You have a list of all undergraduate universities in the country available and you decide to use a stratified sampling method to select your sample data. List at least one way you could divide the universites into groups and explain why you chose those groups.

You collect your data and use a sample of 500 universities out of over 5,000 and perform your tests. You find that the p-value is 0.055 and you were using a significance level of 0.05.
1

What result would you report for your statistical test?

2

List TWO ways you could word the interpretation of the result of your test.

1

You decide instead to change how you report your results.
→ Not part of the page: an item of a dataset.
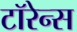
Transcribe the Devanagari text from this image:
टॉरेन्स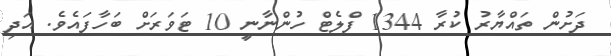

They claim that “Our data supports the rejection of the null hypothesis at the 94.5% confidence level.” This is called ‘cherry-picking’ when you change your chosen significance level after performing your test, and it is scientifically unethical. Another group gets a p-value of 0.10 and reports that they reject the null hypothesis with 90% confidence. A third group with p-value of 0.22 publishes their data saying the data shows a statistically significant difference from the null hypothesis at the 78% confidence level. What do you think the problem can be with changing your confidence level after you perform your test analysis?

1

You feel you are really close and are still confident that the null hypothesis is incorrect. What changes could you make in a follow up experiment given the results of your original experiment with p-value of 0.055?